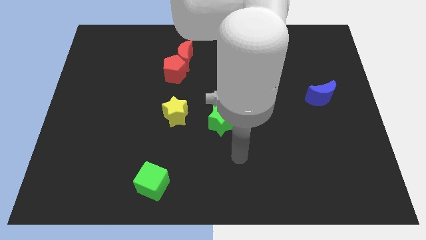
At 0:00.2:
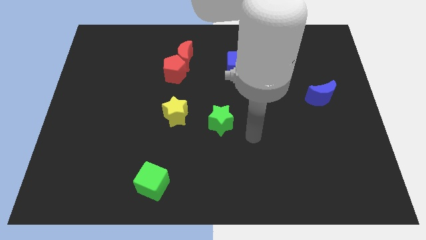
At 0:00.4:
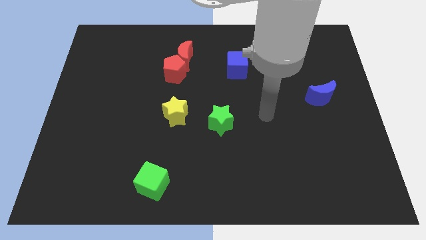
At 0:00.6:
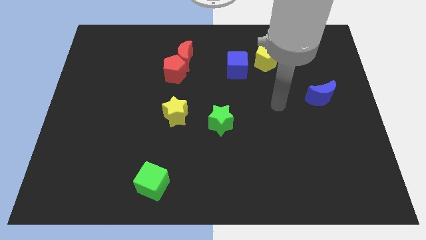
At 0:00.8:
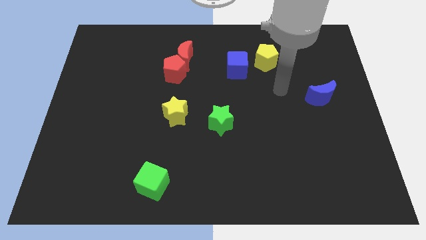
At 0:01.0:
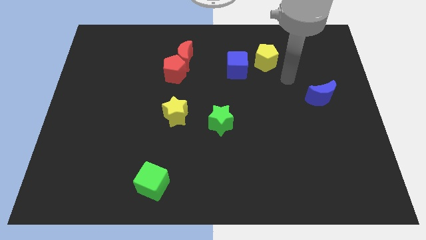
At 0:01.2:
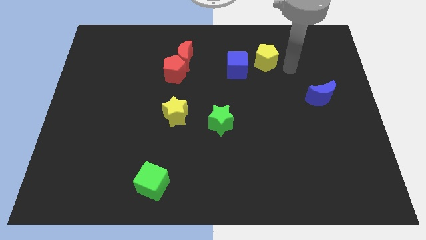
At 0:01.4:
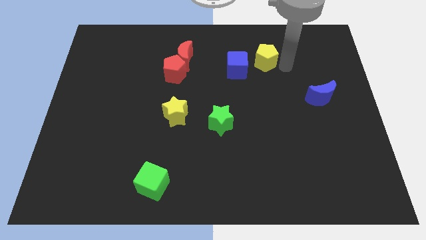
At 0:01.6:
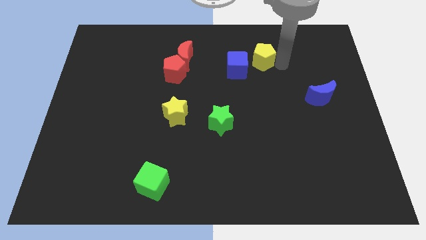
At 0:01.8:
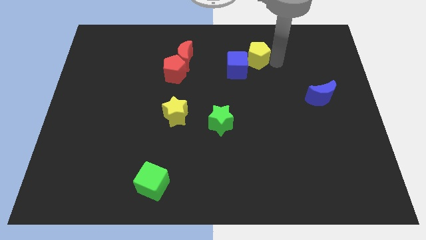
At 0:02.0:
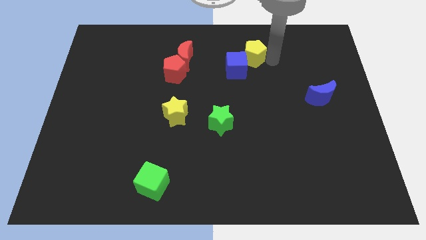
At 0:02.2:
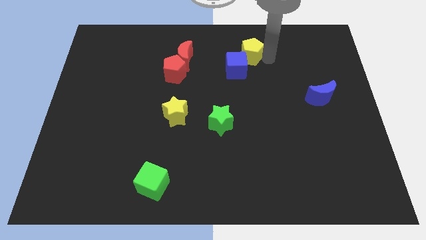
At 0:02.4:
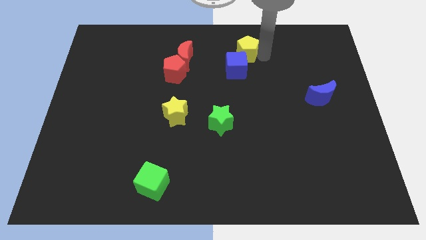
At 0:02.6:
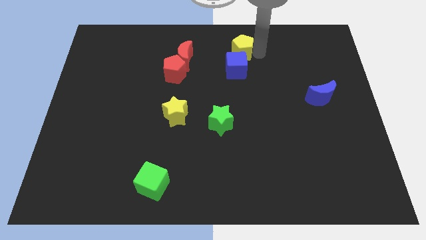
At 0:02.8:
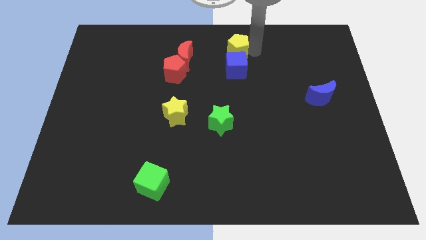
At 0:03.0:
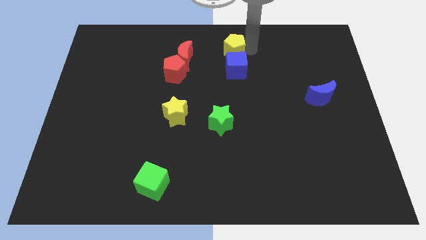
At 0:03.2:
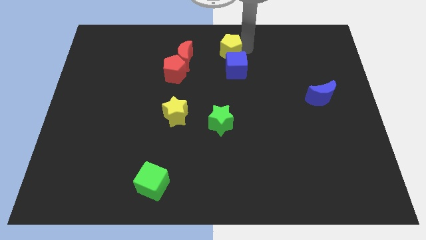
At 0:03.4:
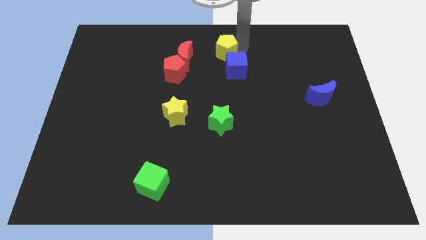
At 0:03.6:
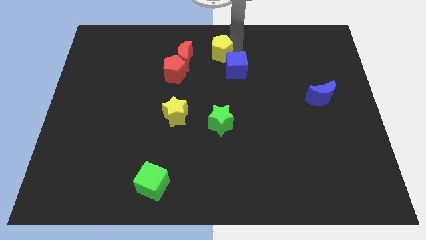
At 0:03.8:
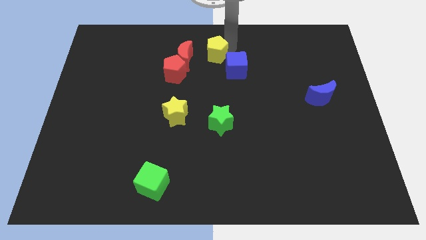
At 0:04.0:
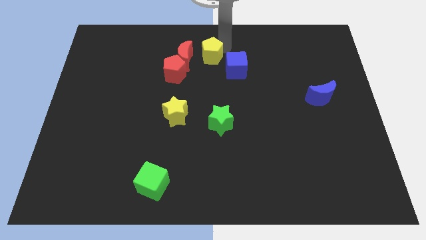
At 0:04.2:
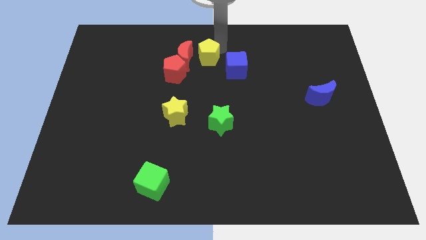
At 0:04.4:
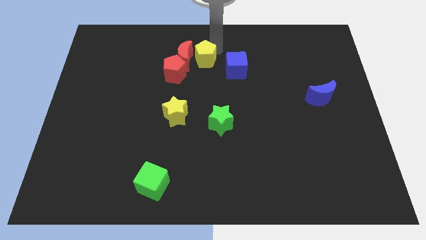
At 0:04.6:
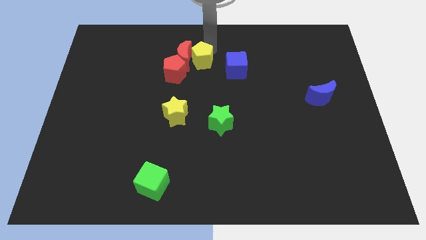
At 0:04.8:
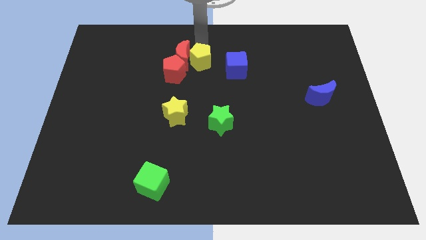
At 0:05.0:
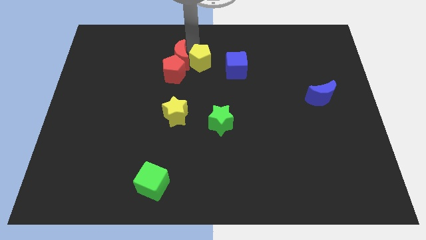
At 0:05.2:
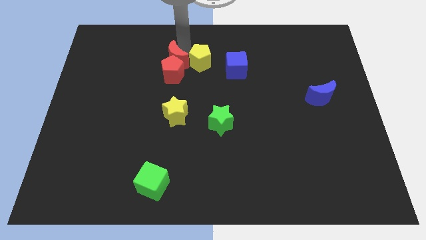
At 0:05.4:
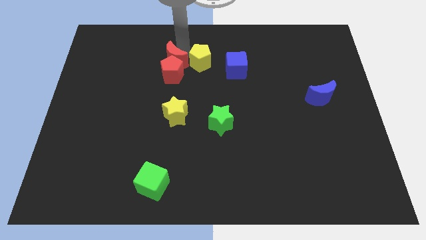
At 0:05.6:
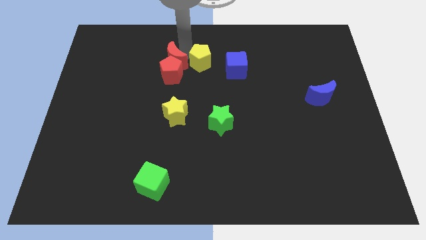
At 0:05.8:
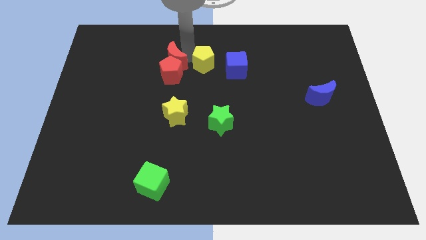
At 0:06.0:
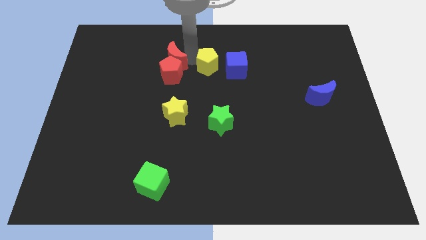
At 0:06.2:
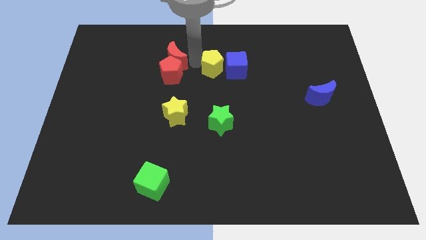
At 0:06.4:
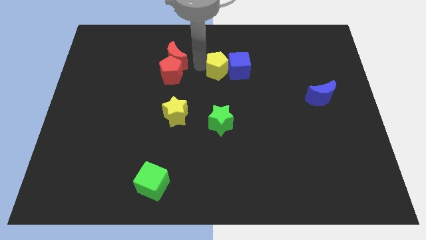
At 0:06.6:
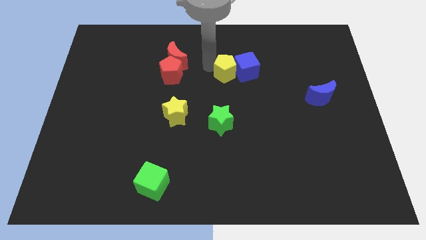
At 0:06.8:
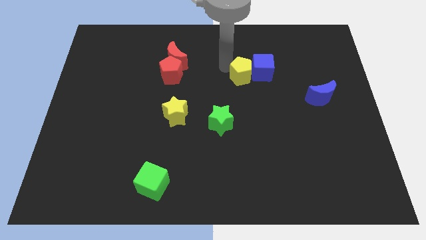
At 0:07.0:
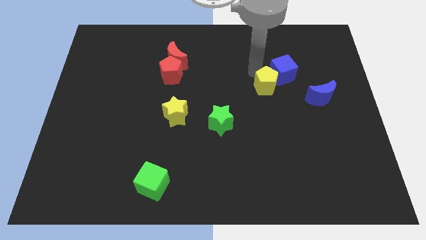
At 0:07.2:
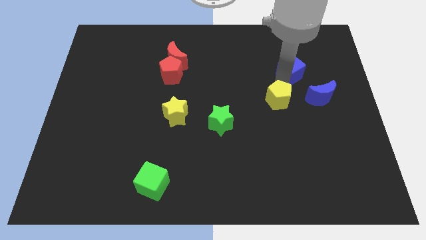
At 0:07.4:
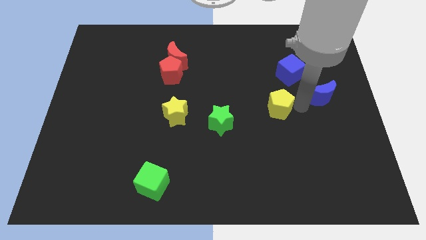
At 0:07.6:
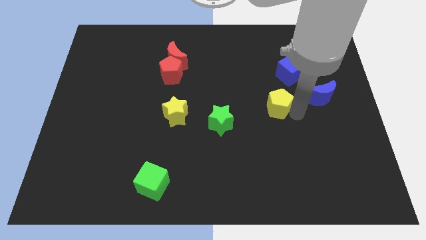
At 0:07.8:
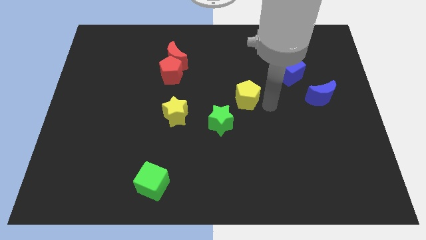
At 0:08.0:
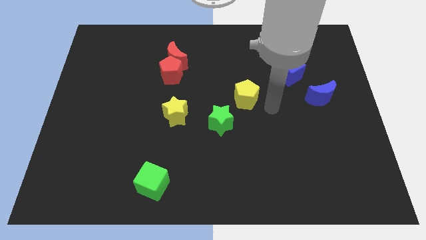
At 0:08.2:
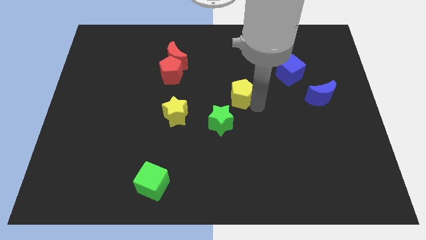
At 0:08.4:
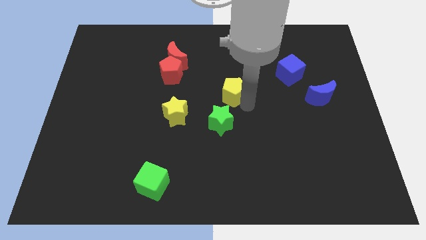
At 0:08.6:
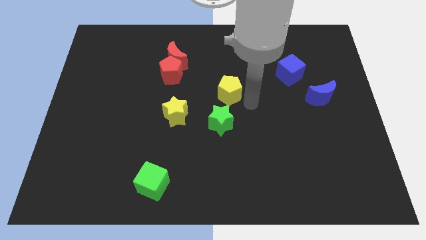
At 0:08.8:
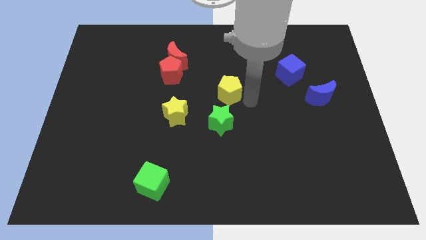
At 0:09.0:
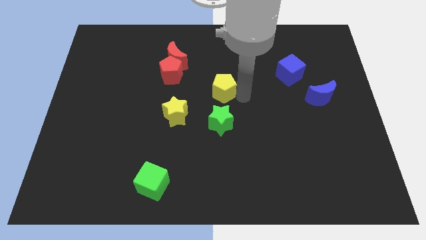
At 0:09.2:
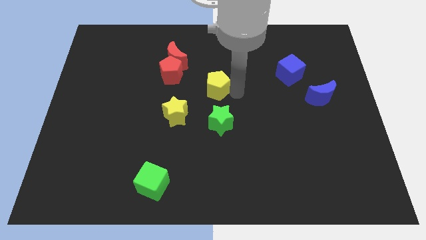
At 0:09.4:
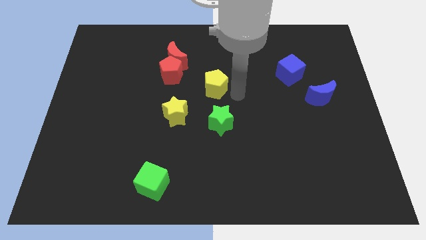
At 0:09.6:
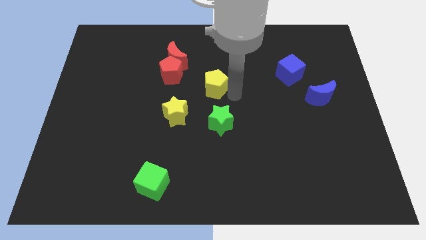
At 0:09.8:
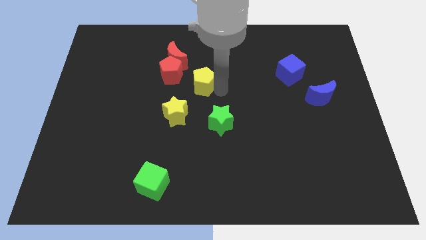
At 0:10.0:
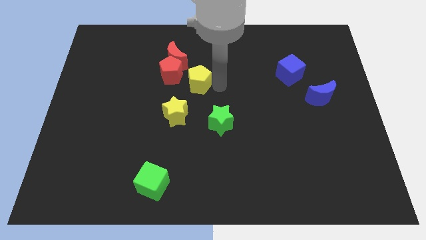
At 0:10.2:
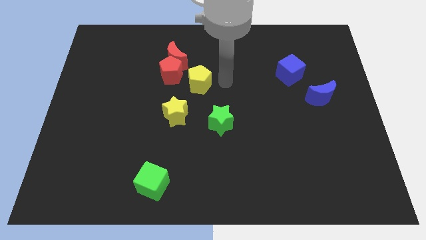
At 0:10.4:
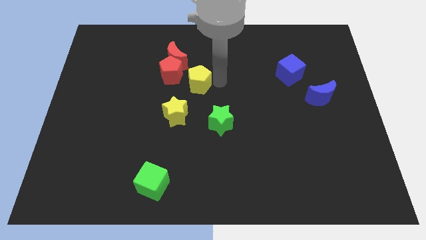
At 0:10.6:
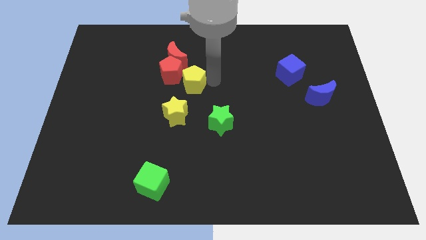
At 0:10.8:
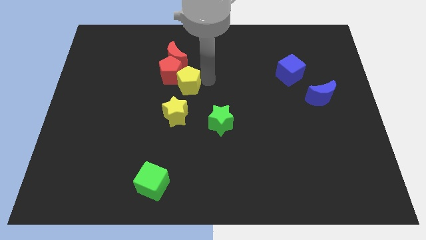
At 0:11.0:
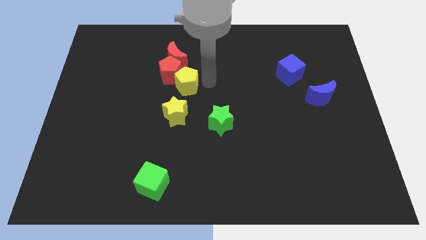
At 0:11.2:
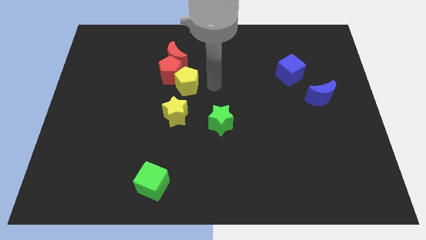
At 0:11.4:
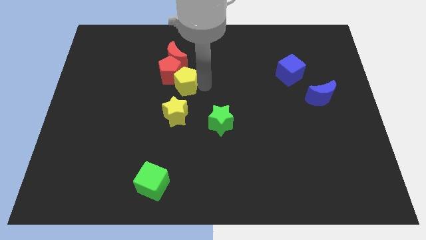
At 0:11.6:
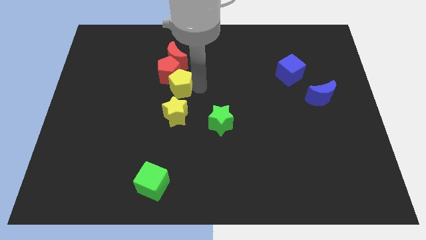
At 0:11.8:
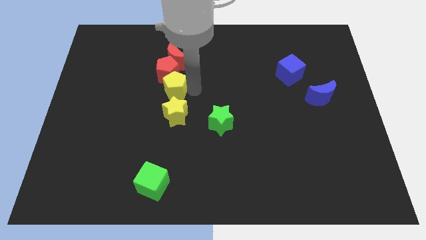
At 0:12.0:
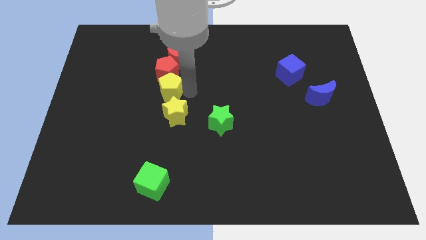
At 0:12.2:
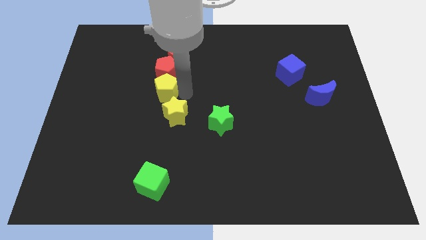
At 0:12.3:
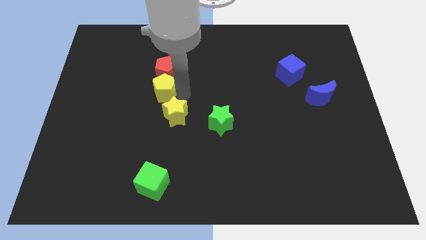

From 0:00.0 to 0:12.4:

# YOUR TASK:
The answer should hold every entry exactly as given and no pictures at all.

# TASK OUTPUT:
At 0:00.2:
At 0:00.4:
At 0:00.6:
At 0:00.8:
At 0:01.0:
At 0:01.2:
At 0:01.4:
At 0:01.6:
At 0:01.8:
At 0:02.0:
At 0:02.2:
At 0:02.4:
At 0:02.6:
At 0:02.8:
At 0:03.0:
At 0:03.2:
At 0:03.4:
At 0:03.6:
At 0:03.8:
At 0:04.0:
At 0:04.2:
At 0:04.4:
At 0:04.6:
At 0:04.8:
At 0:05.0:
At 0:05.2:
At 0:05.4:
At 0:05.6:
At 0:05.8:
At 0:06.0:
At 0:06.2:
At 0:06.4:
At 0:06.6:
At 0:06.8:
At 0:07.0:
At 0:07.2:
At 0:07.4:
At 0:07.6:
At 0:07.8:
At 0:08.0:
At 0:08.2:
At 0:08.4:
At 0:08.6:
At 0:08.8:
At 0:09.0:
At 0:09.2:
At 0:09.4:
At 0:09.6:
At 0:09.8:
At 0:10.0:
At 0:10.2:
At 0:10.4:
At 0:10.6:
At 0:10.8:
At 0:11.0:
At 0:11.2:
At 0:11.4:
At 0:11.6:
At 0:11.8:
At 0:12.0:
At 0:12.2:
At 0:12.3:

From 0:00.0 to 0:12.4:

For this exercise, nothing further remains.